EXERCISE GOAL:
A line below contains "L 130.702 683.156", and a later one contains "Q 646.517 759.826, 649.877 763.626". Repeat both, with every line between them, exactly.

[Data extracted from a collection]
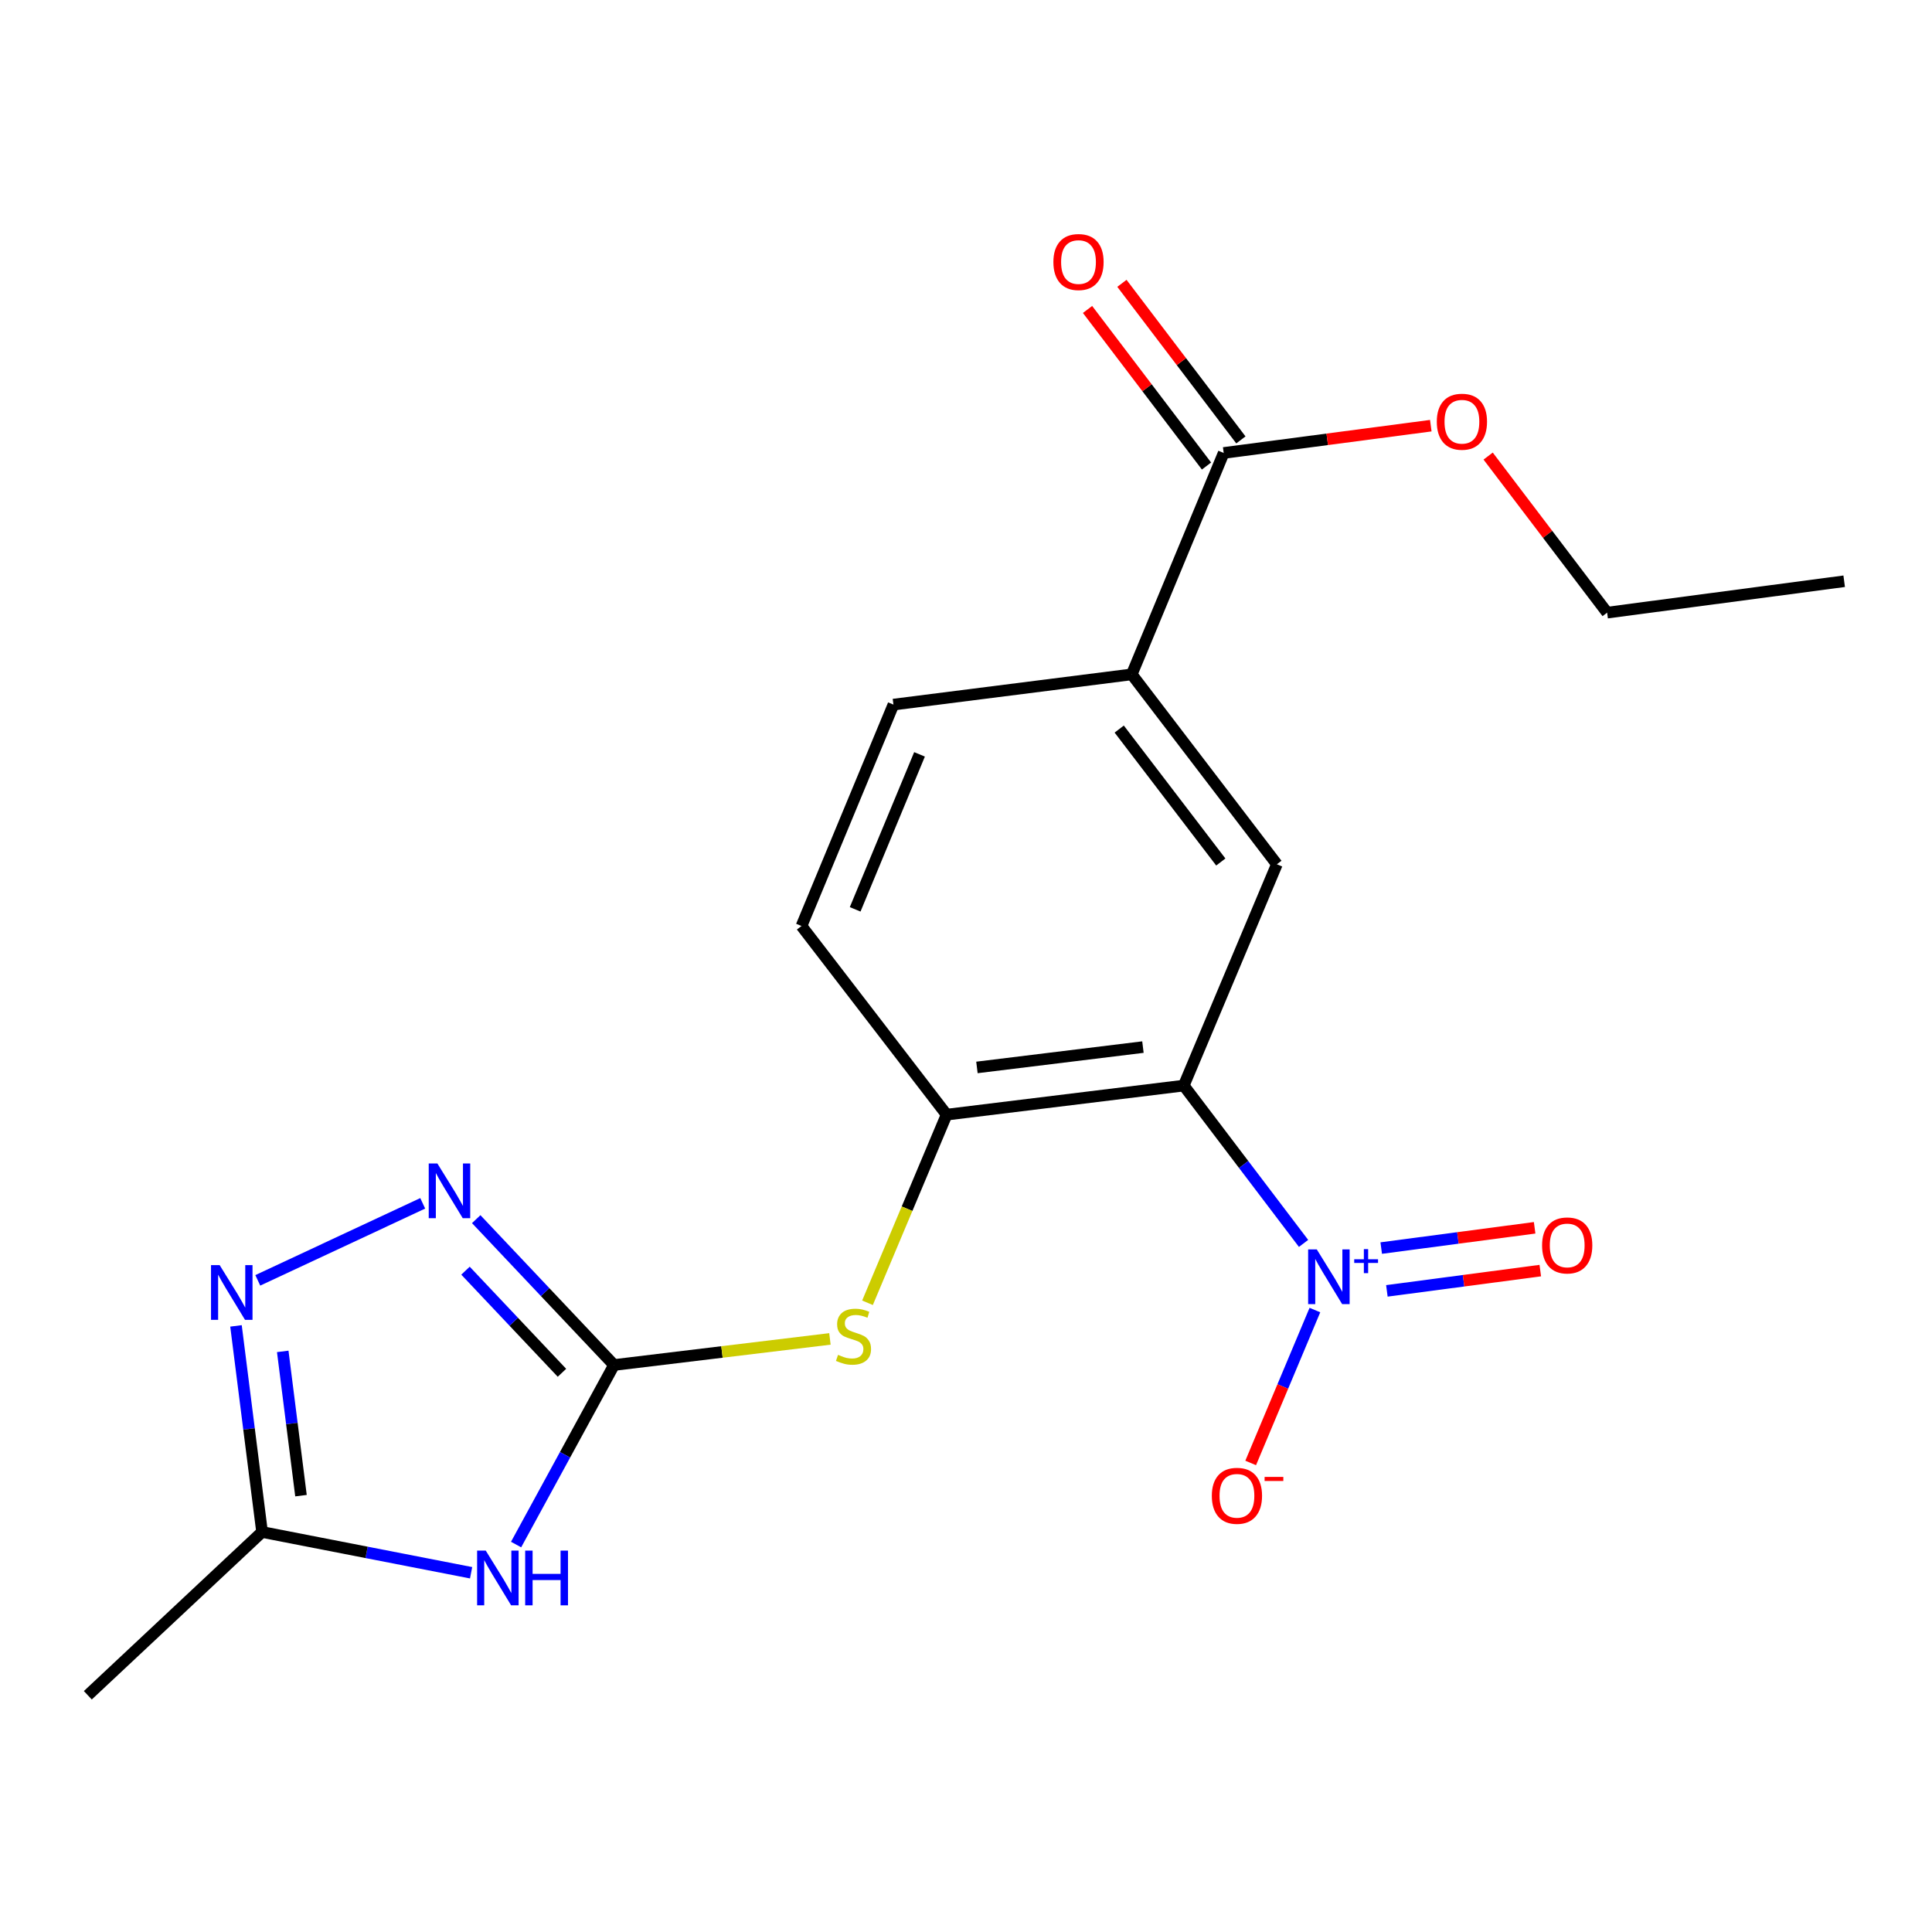 <?xml version='1.0' encoding='iso-8859-1'?>
<svg version='1.1' baseProfile='full'
              xmlns='http://www.w3.org/2000/svg'
                      xmlns:rdkit='http://www.rdkit.org/xml'
                      xmlns:xlink='http://www.w3.org/1999/xlink'
                  xml:space='preserve'
width='1000px' height='1000px' viewBox='0 0 1000 1000'>
<!-- END OF HEADER -->
<rect style='opacity:1.0;fill:#FFFFFF;stroke:none' width='1000' height='1000' x='0' y='0'> </rect>
<path class='bond-0' d='M 612.711,561.896 L 643.716,602.741' style='fill:none;fill-rule:evenodd;stroke:#000000;stroke-width:6px;stroke-linecap:butt;stroke-linejoin:miter;stroke-opacity:1' />
<path class='bond-0' d='M 643.716,602.741 L 674.721,643.585' style='fill:none;fill-rule:evenodd;stroke:#0000FF;stroke-width:6px;stroke-linecap:butt;stroke-linejoin:miter;stroke-opacity:1' />
<path class='bond-5' d='M 612.711,561.896 L 489.968,576.944' style='fill:none;fill-rule:evenodd;stroke:#000000;stroke-width:6px;stroke-linecap:butt;stroke-linejoin:miter;stroke-opacity:1' />
<path class='bond-5' d='M 591.58,541.971 L 505.66,552.505' style='fill:none;fill-rule:evenodd;stroke:#000000;stroke-width:6px;stroke-linecap:butt;stroke-linejoin:miter;stroke-opacity:1' />
<path class='bond-6' d='M 612.711,561.896 L 660.91,447.347' style='fill:none;fill-rule:evenodd;stroke:#000000;stroke-width:6px;stroke-linecap:butt;stroke-linejoin:miter;stroke-opacity:1' />
<path class='bond-11' d='M 680.589,678.083 L 663.968,717.652' style='fill:none;fill-rule:evenodd;stroke:#0000FF;stroke-width:6px;stroke-linecap:butt;stroke-linejoin:miter;stroke-opacity:1' />
<path class='bond-11' d='M 663.968,717.652 L 647.347,757.221' style='fill:none;fill-rule:evenodd;stroke:#FF0000;stroke-width:6px;stroke-linecap:butt;stroke-linejoin:miter;stroke-opacity:1' />
<path class='bond-12' d='M 717.847,668.155 L 757.55,662.908' style='fill:none;fill-rule:evenodd;stroke:#0000FF;stroke-width:6px;stroke-linecap:butt;stroke-linejoin:miter;stroke-opacity:1' />
<path class='bond-12' d='M 757.55,662.908 L 797.253,657.661' style='fill:none;fill-rule:evenodd;stroke:#FF0000;stroke-width:6px;stroke-linecap:butt;stroke-linejoin:miter;stroke-opacity:1' />
<path class='bond-12' d='M 714.919,645.999 L 754.622,640.752' style='fill:none;fill-rule:evenodd;stroke:#0000FF;stroke-width:6px;stroke-linecap:butt;stroke-linejoin:miter;stroke-opacity:1' />
<path class='bond-12' d='M 754.622,640.752 L 794.325,635.505' style='fill:none;fill-rule:evenodd;stroke:#FF0000;stroke-width:6px;stroke-linecap:butt;stroke-linejoin:miter;stroke-opacity:1' />
<path class='bond-1' d='M 317.809,706.529 L 373.689,699.774' style='fill:none;fill-rule:evenodd;stroke:#000000;stroke-width:6px;stroke-linecap:butt;stroke-linejoin:miter;stroke-opacity:1' />
<path class='bond-1' d='M 373.689,699.774 L 429.568,693.018' style='fill:none;fill-rule:evenodd;stroke:#CCCC00;stroke-width:6px;stroke-linecap:butt;stroke-linejoin:miter;stroke-opacity:1' />
<path class='bond-2' d='M 317.809,706.529 L 292.468,752.994' style='fill:none;fill-rule:evenodd;stroke:#000000;stroke-width:6px;stroke-linecap:butt;stroke-linejoin:miter;stroke-opacity:1' />
<path class='bond-2' d='M 292.468,752.994 L 267.126,799.458' style='fill:none;fill-rule:evenodd;stroke:#0000FF;stroke-width:6px;stroke-linecap:butt;stroke-linejoin:miter;stroke-opacity:1' />
<path class='bond-3' d='M 317.809,706.529 L 282.149,668.779' style='fill:none;fill-rule:evenodd;stroke:#000000;stroke-width:6px;stroke-linecap:butt;stroke-linejoin:miter;stroke-opacity:1' />
<path class='bond-3' d='M 282.149,668.779 L 246.489,631.029' style='fill:none;fill-rule:evenodd;stroke:#0000FF;stroke-width:6px;stroke-linecap:butt;stroke-linejoin:miter;stroke-opacity:1' />
<path class='bond-3' d='M 290.865,710.551 L 265.903,684.126' style='fill:none;fill-rule:evenodd;stroke:#000000;stroke-width:6px;stroke-linecap:butt;stroke-linejoin:miter;stroke-opacity:1' />
<path class='bond-3' d='M 265.903,684.126 L 240.941,657.701' style='fill:none;fill-rule:evenodd;stroke:#0000FF;stroke-width:6px;stroke-linecap:butt;stroke-linejoin:miter;stroke-opacity:1' />
<path class='bond-7' d='M 243.843,814.056 L 189.743,803.506' style='fill:none;fill-rule:evenodd;stroke:#0000FF;stroke-width:6px;stroke-linecap:butt;stroke-linejoin:miter;stroke-opacity:1' />
<path class='bond-7' d='M 189.743,803.506 L 135.644,792.956' style='fill:none;fill-rule:evenodd;stroke:#000000;stroke-width:6px;stroke-linecap:butt;stroke-linejoin:miter;stroke-opacity:1' />
<path class='bond-4' d='M 218.8,622.844 L 133.429,662.707' style='fill:none;fill-rule:evenodd;stroke:#0000FF;stroke-width:6px;stroke-linecap:butt;stroke-linejoin:miter;stroke-opacity:1' />
<path class='bond-21' d='M 122.149,686.279 L 128.896,739.618' style='fill:none;fill-rule:evenodd;stroke:#0000FF;stroke-width:6px;stroke-linecap:butt;stroke-linejoin:miter;stroke-opacity:1' />
<path class='bond-21' d='M 128.896,739.618 L 135.644,792.956' style='fill:none;fill-rule:evenodd;stroke:#000000;stroke-width:6px;stroke-linecap:butt;stroke-linejoin:miter;stroke-opacity:1' />
<path class='bond-21' d='M 146.345,699.476 L 151.068,736.813' style='fill:none;fill-rule:evenodd;stroke:#0000FF;stroke-width:6px;stroke-linecap:butt;stroke-linejoin:miter;stroke-opacity:1' />
<path class='bond-21' d='M 151.068,736.813 L 155.791,774.15' style='fill:none;fill-rule:evenodd;stroke:#000000;stroke-width:6px;stroke-linecap:butt;stroke-linejoin:miter;stroke-opacity:1' />
<path class='bond-8' d='M 489.968,576.944 L 469.492,625.63' style='fill:none;fill-rule:evenodd;stroke:#000000;stroke-width:6px;stroke-linecap:butt;stroke-linejoin:miter;stroke-opacity:1' />
<path class='bond-8' d='M 469.492,625.63 L 449.015,674.315' style='fill:none;fill-rule:evenodd;stroke:#CCCC00;stroke-width:6px;stroke-linecap:butt;stroke-linejoin:miter;stroke-opacity:1' />
<path class='bond-13' d='M 489.968,576.944 L 414.852,479.293' style='fill:none;fill-rule:evenodd;stroke:#000000;stroke-width:6px;stroke-linecap:butt;stroke-linejoin:miter;stroke-opacity:1' />
<path class='bond-9' d='M 660.91,447.347 L 585.794,349.051' style='fill:none;fill-rule:evenodd;stroke:#000000;stroke-width:6px;stroke-linecap:butt;stroke-linejoin:miter;stroke-opacity:1' />
<path class='bond-9' d='M 631.885,446.173 L 579.304,377.365' style='fill:none;fill-rule:evenodd;stroke:#000000;stroke-width:6px;stroke-linecap:butt;stroke-linejoin:miter;stroke-opacity:1' />
<path class='bond-17' d='M 135.644,792.956 L 45.455,877.471' style='fill:none;fill-rule:evenodd;stroke:#000000;stroke-width:6px;stroke-linecap:butt;stroke-linejoin:miter;stroke-opacity:1' />
<path class='bond-10' d='M 585.794,349.051 L 633.384,234.452' style='fill:none;fill-rule:evenodd;stroke:#000000;stroke-width:6px;stroke-linecap:butt;stroke-linejoin:miter;stroke-opacity:1' />
<path class='bond-15' d='M 585.794,349.051 L 462.442,364.695' style='fill:none;fill-rule:evenodd;stroke:#000000;stroke-width:6px;stroke-linecap:butt;stroke-linejoin:miter;stroke-opacity:1' />
<path class='bond-14' d='M 642.281,227.692 L 611.492,187.172' style='fill:none;fill-rule:evenodd;stroke:#000000;stroke-width:6px;stroke-linecap:butt;stroke-linejoin:miter;stroke-opacity:1' />
<path class='bond-14' d='M 611.492,187.172 L 580.703,146.652' style='fill:none;fill-rule:evenodd;stroke:#FF0000;stroke-width:6px;stroke-linecap:butt;stroke-linejoin:miter;stroke-opacity:1' />
<path class='bond-14' d='M 624.487,241.213 L 593.698,200.693' style='fill:none;fill-rule:evenodd;stroke:#000000;stroke-width:6px;stroke-linecap:butt;stroke-linejoin:miter;stroke-opacity:1' />
<path class='bond-14' d='M 593.698,200.693 L 562.908,160.173' style='fill:none;fill-rule:evenodd;stroke:#FF0000;stroke-width:6px;stroke-linecap:butt;stroke-linejoin:miter;stroke-opacity:1' />
<path class='bond-16' d='M 633.384,234.452 L 686.98,227.388' style='fill:none;fill-rule:evenodd;stroke:#000000;stroke-width:6px;stroke-linecap:butt;stroke-linejoin:miter;stroke-opacity:1' />
<path class='bond-16' d='M 686.98,227.388 L 740.577,220.323' style='fill:none;fill-rule:evenodd;stroke:#FF0000;stroke-width:6px;stroke-linecap:butt;stroke-linejoin:miter;stroke-opacity:1' />
<path class='bond-20' d='M 414.852,479.293 L 462.442,364.695' style='fill:none;fill-rule:evenodd;stroke:#000000;stroke-width:6px;stroke-linecap:butt;stroke-linejoin:miter;stroke-opacity:1' />
<path class='bond-20' d='M 442.63,470.675 L 475.943,390.456' style='fill:none;fill-rule:evenodd;stroke:#000000;stroke-width:6px;stroke-linecap:butt;stroke-linejoin:miter;stroke-opacity:1' />
<path class='bond-18' d='M 770.263,236.066 L 801.058,276.585' style='fill:none;fill-rule:evenodd;stroke:#FF0000;stroke-width:6px;stroke-linecap:butt;stroke-linejoin:miter;stroke-opacity:1' />
<path class='bond-18' d='M 801.058,276.585 L 831.852,317.105' style='fill:none;fill-rule:evenodd;stroke:#000000;stroke-width:6px;stroke-linecap:butt;stroke-linejoin:miter;stroke-opacity:1' />
<path class='bond-19' d='M 831.852,317.105 L 954.545,300.852' style='fill:none;fill-rule:evenodd;stroke:#000000;stroke-width:6px;stroke-linecap:butt;stroke-linejoin:miter;stroke-opacity:1' />
<path  class='atom-1' d='M 681.567 646.691
L 690.847 661.691
Q 691.767 663.171, 693.247 665.851
Q 694.727 668.531, 694.807 668.691
L 694.807 646.691
L 698.567 646.691
L 698.567 675.011
L 694.687 675.011
L 684.727 658.611
Q 683.567 656.691, 682.327 654.491
Q 681.127 652.291, 680.767 651.611
L 680.767 675.011
L 677.087 675.011
L 677.087 646.691
L 681.567 646.691
' fill='#0000FF'/>
<path  class='atom-1' d='M 700.943 651.796
L 705.933 651.796
L 705.933 646.542
L 708.151 646.542
L 708.151 651.796
L 713.272 651.796
L 713.272 653.697
L 708.151 653.697
L 708.151 658.977
L 705.933 658.977
L 705.933 653.697
L 700.943 653.697
L 700.943 651.796
' fill='#0000FF'/>
<path  class='atom-3' d='M 251.432 802.597
L 260.712 817.597
Q 261.632 819.077, 263.112 821.757
Q 264.592 824.437, 264.672 824.597
L 264.672 802.597
L 268.432 802.597
L 268.432 830.917
L 264.552 830.917
L 254.592 814.517
Q 253.432 812.597, 252.192 810.397
Q 250.992 808.197, 250.632 807.517
L 250.632 830.917
L 246.952 830.917
L 246.952 802.597
L 251.432 802.597
' fill='#0000FF'/>
<path  class='atom-3' d='M 271.832 802.597
L 275.672 802.597
L 275.672 814.637
L 290.152 814.637
L 290.152 802.597
L 293.992 802.597
L 293.992 830.917
L 290.152 830.917
L 290.152 817.837
L 275.672 817.837
L 275.672 830.917
L 271.832 830.917
L 271.832 802.597
' fill='#0000FF'/>
<path  class='atom-4' d='M 226.389 602.217
L 235.669 617.217
Q 236.589 618.697, 238.069 621.377
Q 239.549 624.057, 239.629 624.217
L 239.629 602.217
L 243.389 602.217
L 243.389 630.537
L 239.509 630.537
L 229.549 614.137
Q 228.389 612.217, 227.149 610.017
Q 225.949 607.817, 225.589 607.137
L 225.589 630.537
L 221.909 630.537
L 221.909 602.217
L 226.389 602.217
' fill='#0000FF'/>
<path  class='atom-5' d='M 113.702 654.836
L 122.982 669.836
Q 123.902 671.316, 125.382 673.996
Q 126.862 676.676, 126.942 676.836
L 126.942 654.836
L 130.702 654.836
L 130.702 683.156
L 126.822 683.156
L 116.862 666.756
Q 115.702 664.836, 114.462 662.636
Q 113.262 660.436, 112.902 659.756
L 112.902 683.156
L 109.222 683.156
L 109.222 654.836
L 113.702 654.836
' fill='#0000FF'/>
<path  class='atom-9' d='M 433.77 701.263
Q 434.09 701.383, 435.41 701.943
Q 436.73 702.503, 438.17 702.863
Q 439.65 703.183, 441.09 703.183
Q 443.77 703.183, 445.33 701.903
Q 446.89 700.583, 446.89 698.303
Q 446.89 696.743, 446.09 695.783
Q 445.33 694.823, 444.13 694.303
Q 442.93 693.783, 440.93 693.183
Q 438.41 692.423, 436.89 691.703
Q 435.41 690.983, 434.33 689.463
Q 433.29 687.943, 433.29 685.383
Q 433.29 681.823, 435.69 679.623
Q 438.13 677.423, 442.93 677.423
Q 446.21 677.423, 449.93 678.983
L 449.01 682.063
Q 445.61 680.663, 443.05 680.663
Q 440.29 680.663, 438.77 681.823
Q 437.25 682.943, 437.29 684.903
Q 437.29 686.423, 438.05 687.343
Q 438.85 688.263, 439.97 688.783
Q 441.13 689.303, 443.05 689.903
Q 445.61 690.703, 447.13 691.503
Q 448.65 692.303, 449.73 693.943
Q 450.85 695.543, 450.85 698.303
Q 450.85 702.223, 448.21 704.343
Q 445.61 706.423, 441.25 706.423
Q 438.73 706.423, 436.81 705.863
Q 434.93 705.343, 432.69 704.423
L 433.77 701.263
' fill='#CCCC00'/>
<path  class='atom-12' d='M 627.237 774.226
Q 627.237 767.426, 630.597 763.626
Q 633.957 759.826, 640.237 759.826
Q 646.517 759.826, 649.877 763.626
Q 653.237 767.426, 653.237 774.226
Q 653.237 781.106, 649.837 785.026
Q 646.437 788.906, 640.237 788.906
Q 633.997 788.906, 630.597 785.026
Q 627.237 781.146, 627.237 774.226
M 640.237 785.706
Q 644.557 785.706, 646.877 782.826
Q 649.237 779.906, 649.237 774.226
Q 649.237 768.666, 646.877 765.866
Q 644.557 763.026, 640.237 763.026
Q 635.917 763.026, 633.557 765.826
Q 631.237 768.626, 631.237 774.226
Q 631.237 779.946, 633.557 782.826
Q 635.917 785.706, 640.237 785.706
' fill='#FF0000'/>
<path  class='atom-12' d='M 654.557 764.448
L 664.246 764.448
L 664.246 766.56
L 654.557 766.56
L 654.557 764.448
' fill='#FF0000'/>
<path  class='atom-13' d='M 798.179 644.629
Q 798.179 637.829, 801.539 634.029
Q 804.899 630.229, 811.179 630.229
Q 817.459 630.229, 820.819 634.029
Q 824.179 637.829, 824.179 644.629
Q 824.179 651.509, 820.779 655.429
Q 817.379 659.309, 811.179 659.309
Q 804.939 659.309, 801.539 655.429
Q 798.179 651.549, 798.179 644.629
M 811.179 656.109
Q 815.499 656.109, 817.819 653.229
Q 820.179 650.309, 820.179 644.629
Q 820.179 639.069, 817.819 636.269
Q 815.499 633.429, 811.179 633.429
Q 806.859 633.429, 804.499 636.229
Q 802.179 639.029, 802.179 644.629
Q 802.179 650.349, 804.499 653.229
Q 806.859 656.109, 811.179 656.109
' fill='#FF0000'/>
<path  class='atom-15' d='M 545.23 135.627
Q 545.23 128.827, 548.59 125.027
Q 551.95 121.227, 558.23 121.227
Q 564.51 121.227, 567.87 125.027
Q 571.23 128.827, 571.23 135.627
Q 571.23 142.507, 567.83 146.427
Q 564.43 150.307, 558.23 150.307
Q 551.99 150.307, 548.59 146.427
Q 545.23 142.547, 545.23 135.627
M 558.23 147.107
Q 562.55 147.107, 564.87 144.227
Q 567.23 141.307, 567.23 135.627
Q 567.23 130.067, 564.87 127.267
Q 562.55 124.427, 558.23 124.427
Q 553.91 124.427, 551.55 127.227
Q 549.23 130.027, 549.23 135.627
Q 549.23 141.347, 551.55 144.227
Q 553.91 147.107, 558.23 147.107
' fill='#FF0000'/>
<path  class='atom-17' d='M 743.686 218.28
Q 743.686 211.48, 747.046 207.68
Q 750.406 203.88, 756.686 203.88
Q 762.966 203.88, 766.326 207.68
Q 769.686 211.48, 769.686 218.28
Q 769.686 225.16, 766.286 229.08
Q 762.886 232.96, 756.686 232.96
Q 750.446 232.96, 747.046 229.08
Q 743.686 225.2, 743.686 218.28
M 756.686 229.76
Q 761.006 229.76, 763.326 226.88
Q 765.686 223.96, 765.686 218.28
Q 765.686 212.72, 763.326 209.92
Q 761.006 207.08, 756.686 207.08
Q 752.366 207.08, 750.006 209.88
Q 747.686 212.68, 747.686 218.28
Q 747.686 224, 750.006 226.88
Q 752.366 229.76, 756.686 229.76
' fill='#FF0000'/>
</svg>

EXPECTED OUTPUT:
L 130.702 683.156
L 126.822 683.156
L 116.862 666.756
Q 115.702 664.836, 114.462 662.636
Q 113.262 660.436, 112.902 659.756
L 112.902 683.156
L 109.222 683.156
L 109.222 654.836
L 113.702 654.836
' fill='#0000FF'/>
<path  class='atom-9' d='M 433.77 701.263
Q 434.09 701.383, 435.41 701.943
Q 436.73 702.503, 438.17 702.863
Q 439.65 703.183, 441.09 703.183
Q 443.77 703.183, 445.33 701.903
Q 446.89 700.583, 446.89 698.303
Q 446.89 696.743, 446.09 695.783
Q 445.33 694.823, 444.13 694.303
Q 442.93 693.783, 440.93 693.183
Q 438.41 692.423, 436.89 691.703
Q 435.41 690.983, 434.33 689.463
Q 433.29 687.943, 433.29 685.383
Q 433.29 681.823, 435.69 679.623
Q 438.13 677.423, 442.93 677.423
Q 446.21 677.423, 449.93 678.983
L 449.01 682.063
Q 445.61 680.663, 443.05 680.663
Q 440.29 680.663, 438.77 681.823
Q 437.25 682.943, 437.29 684.903
Q 437.29 686.423, 438.05 687.343
Q 438.85 688.263, 439.97 688.783
Q 441.13 689.303, 443.05 689.903
Q 445.61 690.703, 447.13 691.503
Q 448.65 692.303, 449.73 693.943
Q 450.85 695.543, 450.85 698.303
Q 450.85 702.223, 448.21 704.343
Q 445.61 706.423, 441.25 706.423
Q 438.73 706.423, 436.81 705.863
Q 434.93 705.343, 432.69 704.423
L 433.77 701.263
' fill='#CCCC00'/>
<path  class='atom-12' d='M 627.237 774.226
Q 627.237 767.426, 630.597 763.626
Q 633.957 759.826, 640.237 759.826
Q 646.517 759.826, 649.877 763.626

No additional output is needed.